• Activity
Your answer must consist of the records below, reproduced exactly, with every picture removed.
Segment Open
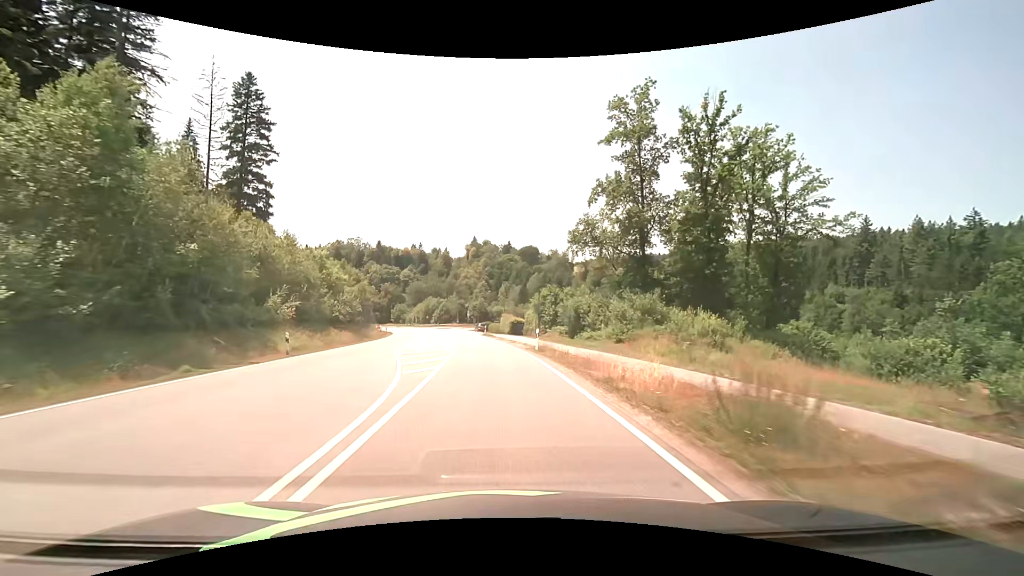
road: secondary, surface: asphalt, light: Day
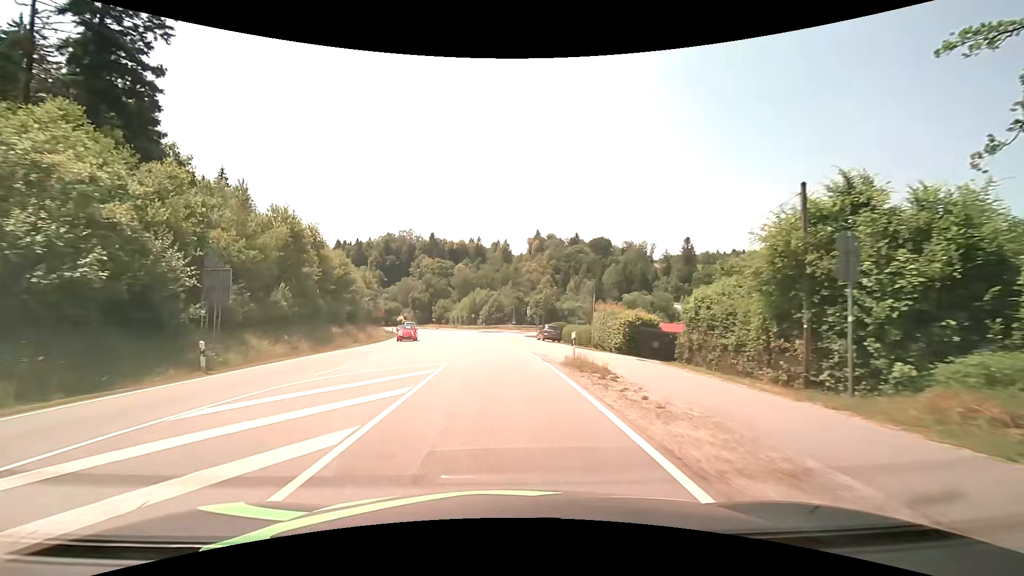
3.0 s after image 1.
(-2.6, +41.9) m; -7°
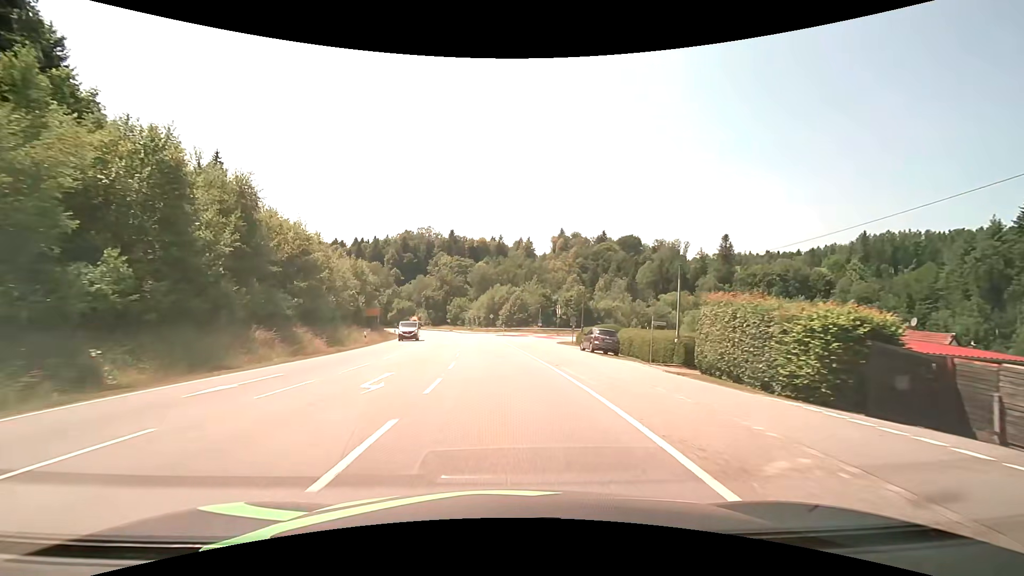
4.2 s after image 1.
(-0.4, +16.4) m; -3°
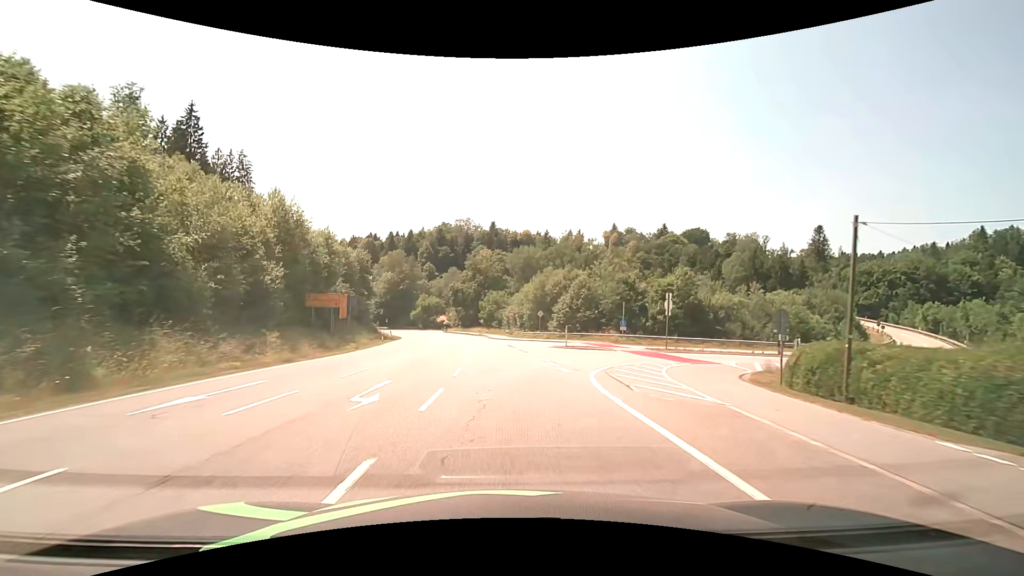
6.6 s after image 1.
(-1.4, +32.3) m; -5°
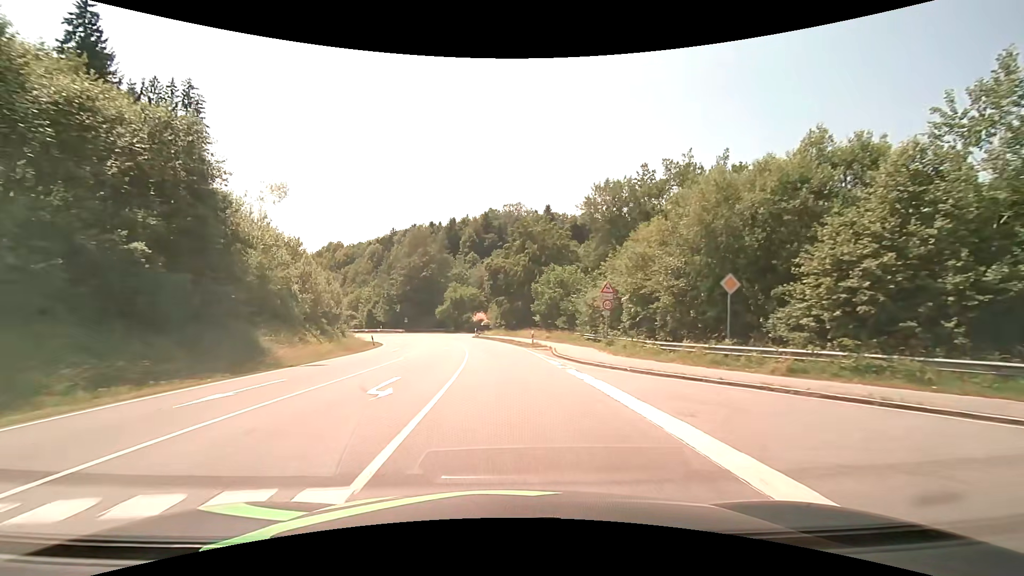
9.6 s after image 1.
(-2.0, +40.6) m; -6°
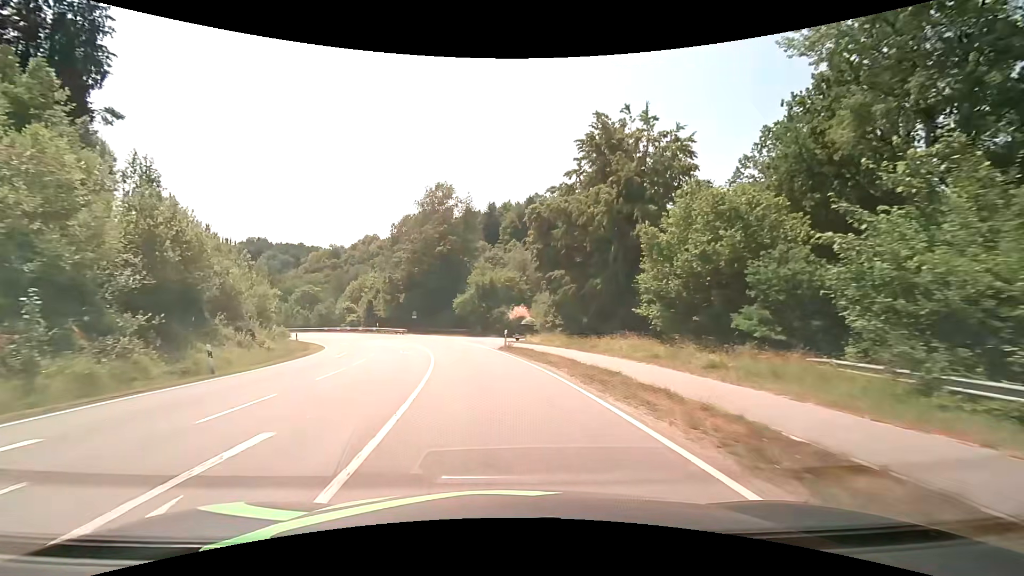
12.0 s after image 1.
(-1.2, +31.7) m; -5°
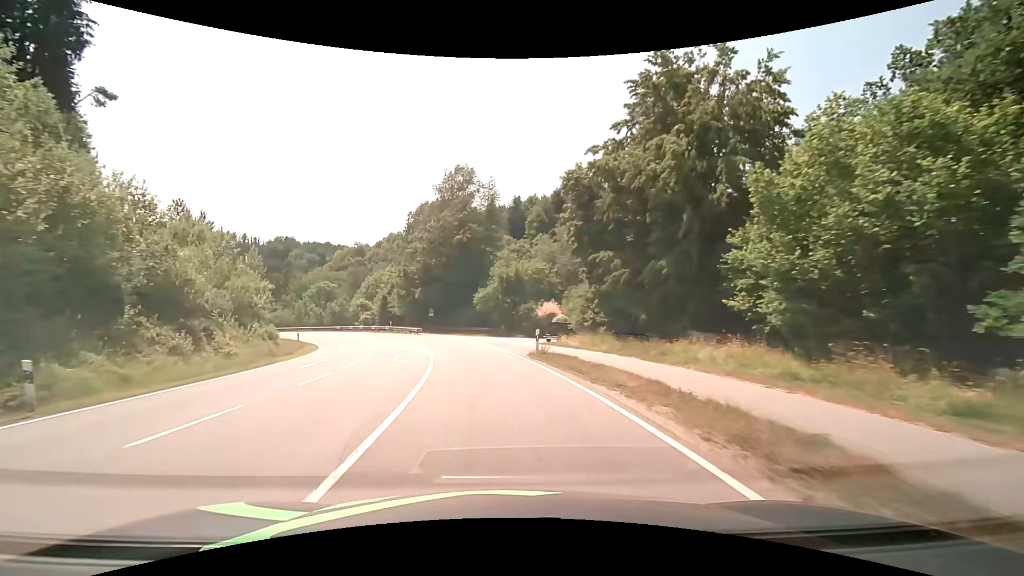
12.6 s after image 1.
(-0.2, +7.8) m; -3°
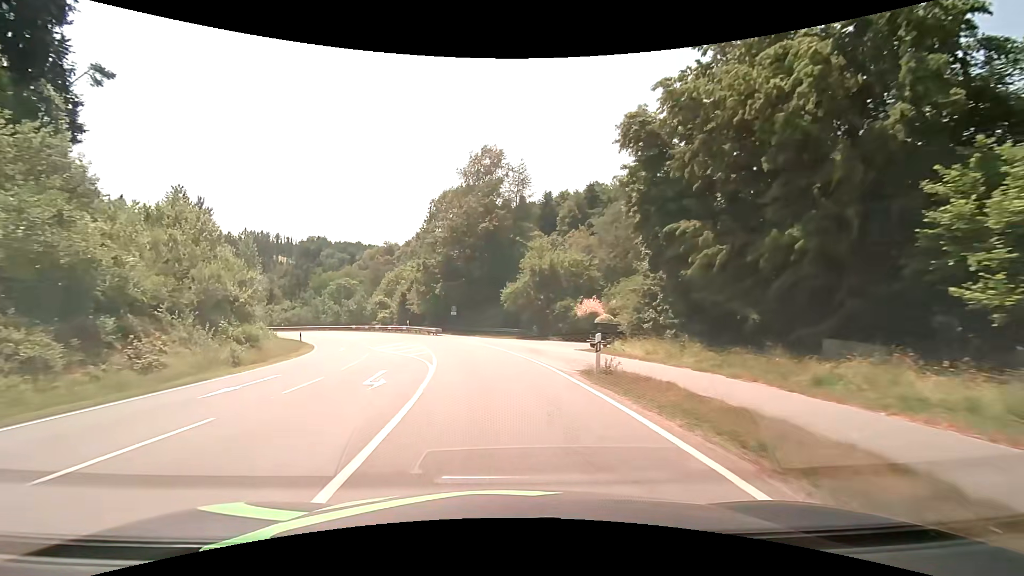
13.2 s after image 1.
Segment Closed
• Exercise solution
road: secondary, surface: asphalt, light: Day
3.0 s after image 1.
(-2.6, +41.9) m; -7°
4.2 s after image 1.
(-0.4, +16.4) m; -3°
6.6 s after image 1.
(-1.4, +32.3) m; -5°
9.6 s after image 1.
(-2.0, +40.6) m; -6°
12.0 s after image 1.
(-1.2, +31.7) m; -5°
12.6 s after image 1.
(-0.2, +7.8) m; -3°
13.2 s after image 1.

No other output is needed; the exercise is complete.